The U.S. Government opposed both lawsuits on the grounds that the President’s actions were a lawful use of prosecutorial discretion, and that the plaintiffs lacked “standing” to bring their cases, since plaintiffs were not harmed. Both arguments are supported by a wide range of law professors and experts.
The Washington, D.C. federal court promptly dismissed Sheriff Arpaio’s lawsuit. That decision is currently on appeal, with arguments scheduled for May 4.
Separately, the Texas federal court preliminarily blocked, on procedural grounds, the President’s DAPA and expanded DACA initiatives (but not original DACA) on February 16, 2015. The Department of Justice appealed this order, with arguments scheduled for July 10, 2015. The Department of Justice also asked for an emergency stay of the preliminary injunction pending the Fifth Circuit’s ruling on the appeal of the preliminary injunction itself. On May 26, 2015, the court denied this request in a 2-1 decision.
The Texas court’s ruling is the first round in what will clearly be a much longer legal battle. While these cases are more political diatribe than legal argument, and are unlikely to succeed in the long run, understanding the procedural steps and the nature of the arguments helps to put the cases in perspective.
The Lawsuits
Both lawsuits seek to “enjoin,” meaning to block implementation of, DAPA and expanded DACA. They argue that the executive actions violate the “Take Care” clause of the Constitution because they allege the president has changed the law rather than “tak[ing] care that the laws be faithfully executed.” Initially, both lawsuits sought a “preliminary injunction”—a temporary block during the life of the lawsuit—which is an “extraordinary remedy.” To grant a “preliminary injunction,” the court must find that four factors exist—(1) the challenger is likely to succeed on the merits, (2) the challenger is likely to suffer “irreparable harm” without the injunction, (3) the “balance of equities” supports the challenger, and (4) an injunction is in the “public interest.”
Sheriff Arpaio’s complaint alleged harms based on crime. Specifically, Arpaio’s theory was that DACA and DAPA will cause a “flood” of “millions more illegal aliens,” and in turn a “crime wave”—because many “illegal aliens… are repeat offenders”—thus requiring additional expenditures of funds and resources by his law enforcement office. This argument is flatly contradicted by empirical evidence that immigrants have lower crime rates than the native-born.
The states’ complaint similarly argued that expanded DACA and DAPA will trigger a “wave” of immigration—even larger than the alleged “flood” of Central American families to the United States caused by DACA (ignoring the substantial evidence that fear of persecution and violence is driving Central Americans from their homes). The states also alleged that this wave will “increase human trafficking” by drug cartels and thus “exacerbate the risks and dangers imposed on [states] by organized crime.” In addition, the states alleged broader harms from the expenditures on law enforcement, health care, education, and processing professional licenses.
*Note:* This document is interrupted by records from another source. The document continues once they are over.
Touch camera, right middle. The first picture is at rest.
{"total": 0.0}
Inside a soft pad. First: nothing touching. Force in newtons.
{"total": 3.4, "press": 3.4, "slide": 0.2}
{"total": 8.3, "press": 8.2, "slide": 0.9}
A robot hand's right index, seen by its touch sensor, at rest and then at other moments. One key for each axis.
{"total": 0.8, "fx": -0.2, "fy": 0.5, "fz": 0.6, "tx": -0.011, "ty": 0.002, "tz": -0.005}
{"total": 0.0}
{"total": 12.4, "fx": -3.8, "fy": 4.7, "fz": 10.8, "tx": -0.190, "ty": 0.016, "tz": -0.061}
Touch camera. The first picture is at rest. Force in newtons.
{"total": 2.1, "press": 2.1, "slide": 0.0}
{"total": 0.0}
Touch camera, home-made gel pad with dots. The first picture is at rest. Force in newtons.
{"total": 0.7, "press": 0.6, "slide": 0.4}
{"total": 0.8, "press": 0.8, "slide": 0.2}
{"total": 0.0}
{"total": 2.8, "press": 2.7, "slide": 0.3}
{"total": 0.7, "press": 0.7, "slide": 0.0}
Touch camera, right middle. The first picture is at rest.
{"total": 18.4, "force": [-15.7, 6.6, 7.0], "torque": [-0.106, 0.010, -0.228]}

Dismissal of Sheriff Arpaio’s Lawsuit (Arpaio v. Obama)
Washington, D.C. federal judge Beryl A. Howell dismissed Arpaio’s lawsuit, one day after holding a hearing on it. The court held that:
- The plaintiff lacks “standing” to bring their claims. The Court found it was “not apparent exactly” what injury plaintiffs suffered because plaintiffs have “no legal authority to enforce the immigration laws.”
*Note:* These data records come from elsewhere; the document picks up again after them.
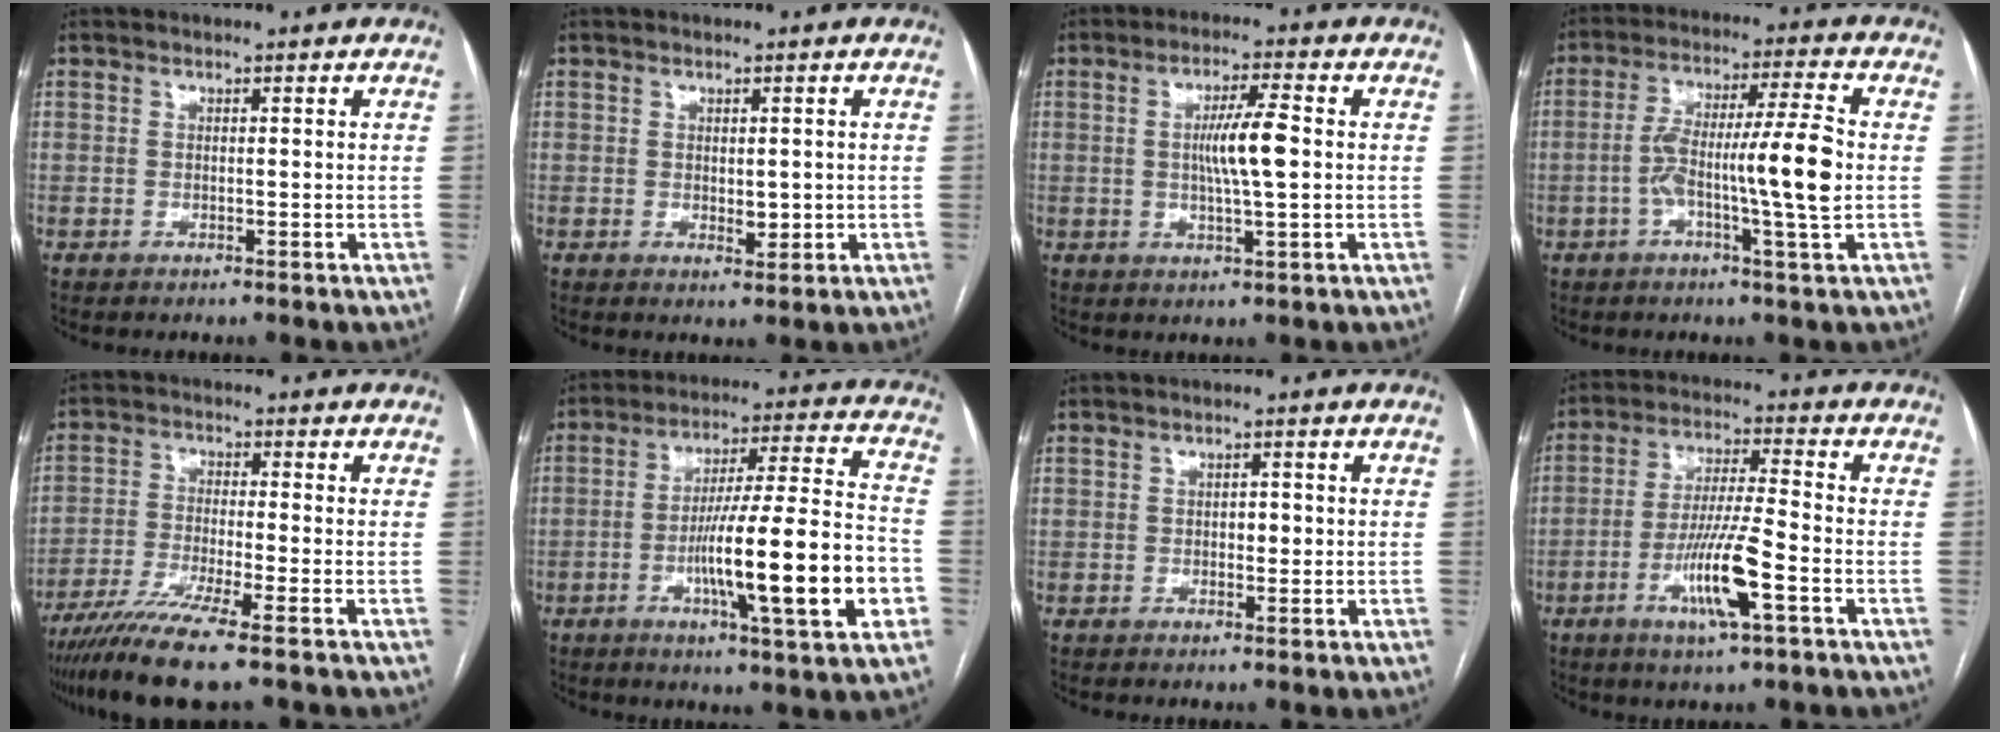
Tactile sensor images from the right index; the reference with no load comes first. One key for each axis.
{"total": 2.2, "fx": 0.0, "fy": 1.1, "fz": 1.9, "tx": -0.027, "ty": -0.005, "tz": 0.005}
{"total": 6.6, "fx": 0.2, "fy": 0.3, "fz": 6.6, "tx": -0.122, "ty": 0.000, "tz": 0.002}
{"total": 12.0, "fx": -1.5, "fy": -0.2, "fz": 11.9, "tx": -0.213, "ty": 0.013, "tz": -0.032}
{"total": 10.3, "fx": -7.4, "fy": -0.7, "fz": 7.1, "tx": -0.128, "ty": -0.028, "tz": -0.129}
{"total": 19.1, "fx": -5.2, "fy": 0.9, "fz": 18.4, "tx": -0.275, "ty": 0.002, "tz": -0.077}
{"total": 1.6, "fx": -0.1, "fy": 1.0, "fz": 1.3, "tx": -0.017, "ty": 0.003, "tz": -0.001}
{"total": 10.7, "fx": -4.2, "fy": 0.4, "fz": 9.9, "tx": -0.188, "ty": -0.010, "tz": -0.078}
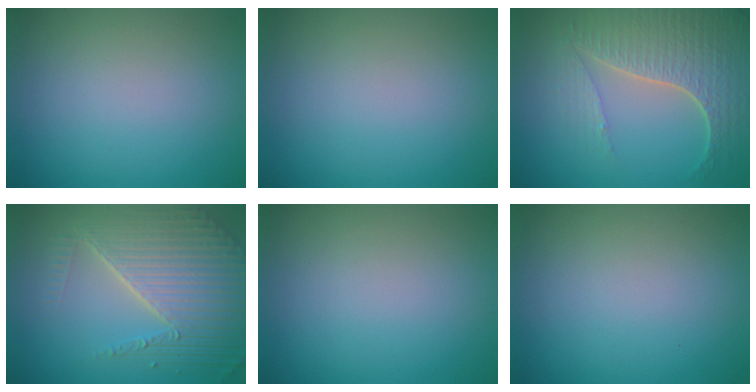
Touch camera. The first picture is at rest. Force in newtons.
{"total": 0.0}
{"total": 6.2, "press": 5.0, "slide": 3.7}
{"total": 8.3, "press": 5.6, "slide": 6.1}
{"total": 0.0}
{"total": 0.0}
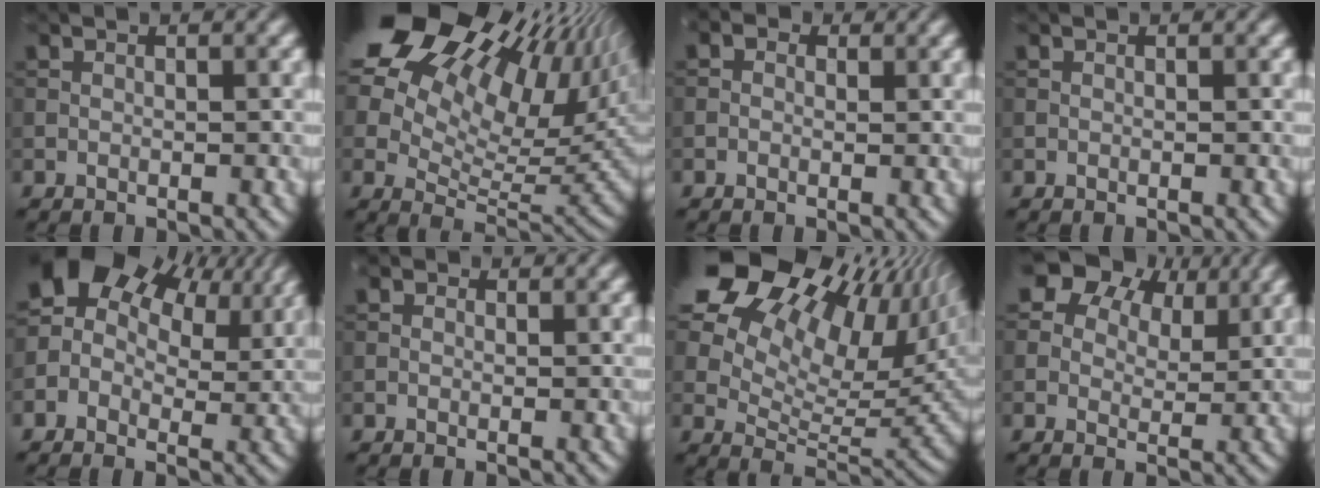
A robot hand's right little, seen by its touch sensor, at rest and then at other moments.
{"total": 21.6, "force": [11.1, 11.7, 14.3], "torque": [-0.261, 0.061, 0.187]}
{"total": 1.5, "force": [0.5, 1.2, 0.8], "torque": [-0.014, 0.002, -0.008]}
{"total": 0.0}
{"total": 12.4, "force": [6.2, 7.7, 7.5], "torque": [-0.147, 0.039, 0.090]}
{"total": 0.7, "force": [0.2, 0.6, 0.3], "torque": [-0.005, -0.003, -0.004]}
{"total": 19.7, "force": [10.7, 10.4, 12.8], "torque": [-0.221, 0.053, 0.172]}
{"total": 9.5, "force": [5.9, 6.0, 4.5], "torque": [-0.081, 0.015, 0.088]}

- Any harms plaintiff did suffer were “speculative.” “The decision for any individual to migrate is a complex decision with multiple factors, including factors entirely outside the United States’ control, such as social, economic and political strife in a foreign country.” Thus, the Court found it speculative that the President’s deferred action initiatives—which do not apply to future immigrants—would result in immigrants unlawfully entering Maricopa County, Arizona or elsewhere in the United States. Indeed, DHS’ policies that focus enforcement resources on those who have committed crimes may actually “end up helping” the plaintiff.
- Even if the plaintiff could establish standing, the Court held that the plaintiff “could not demonstrate a likelihood of success on the merits” of the case. For one, President Obama’s directives are “consistent [1] with, rather than contrary to, congressional policy.” Congress has endorsed deferred action on several occasions, at times expanding its applicability. The court also cited approvingly the Supreme Court case Arizona v. United States (2012) [2], which said that the federal government’s immigration enforcement discretion includes the decision whether to even pursue removal.
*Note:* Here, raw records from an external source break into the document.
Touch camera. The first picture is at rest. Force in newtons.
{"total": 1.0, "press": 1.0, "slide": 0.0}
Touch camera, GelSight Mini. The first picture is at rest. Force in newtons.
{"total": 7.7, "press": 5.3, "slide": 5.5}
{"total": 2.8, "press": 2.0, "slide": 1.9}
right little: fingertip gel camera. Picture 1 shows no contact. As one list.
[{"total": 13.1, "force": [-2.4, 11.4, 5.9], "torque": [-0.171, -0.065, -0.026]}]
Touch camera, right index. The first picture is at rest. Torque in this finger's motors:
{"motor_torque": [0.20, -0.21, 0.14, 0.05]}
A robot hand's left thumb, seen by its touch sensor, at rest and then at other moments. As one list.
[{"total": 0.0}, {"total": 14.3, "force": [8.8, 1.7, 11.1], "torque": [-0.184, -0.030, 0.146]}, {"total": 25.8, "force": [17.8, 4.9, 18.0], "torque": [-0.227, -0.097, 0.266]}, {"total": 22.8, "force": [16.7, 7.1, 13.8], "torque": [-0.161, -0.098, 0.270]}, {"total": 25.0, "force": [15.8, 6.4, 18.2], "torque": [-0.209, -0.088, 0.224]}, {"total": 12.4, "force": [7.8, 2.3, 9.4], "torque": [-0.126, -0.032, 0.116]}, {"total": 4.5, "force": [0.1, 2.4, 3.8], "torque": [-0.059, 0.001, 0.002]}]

- Additionally, the Court held that DACA and DAPA do not “amount to unlawful legislation and/or rulemaking,” because Congress delegated authority to DHS to establish enforcement priorities, under which DHS is acting regarding deportations.
- Moreover, the public interest does not support halting President Obama’s directives. Rather, doing so would inhibit DHS’ ability to “focus on its statutorily proscribed enforcement priorities” [sic] and “upset the expectations” of DACA and other eligible participants.
Arpaio appealed the dismissal of his case to the higher federal court, the D.C. Circuit Court of Appeals. The parties have filed their briefs with the Court, and the Court will hold oral arguments on May 4, 2015.
Preliminary Injunction in States’ Lawsuit (Texas v. United States)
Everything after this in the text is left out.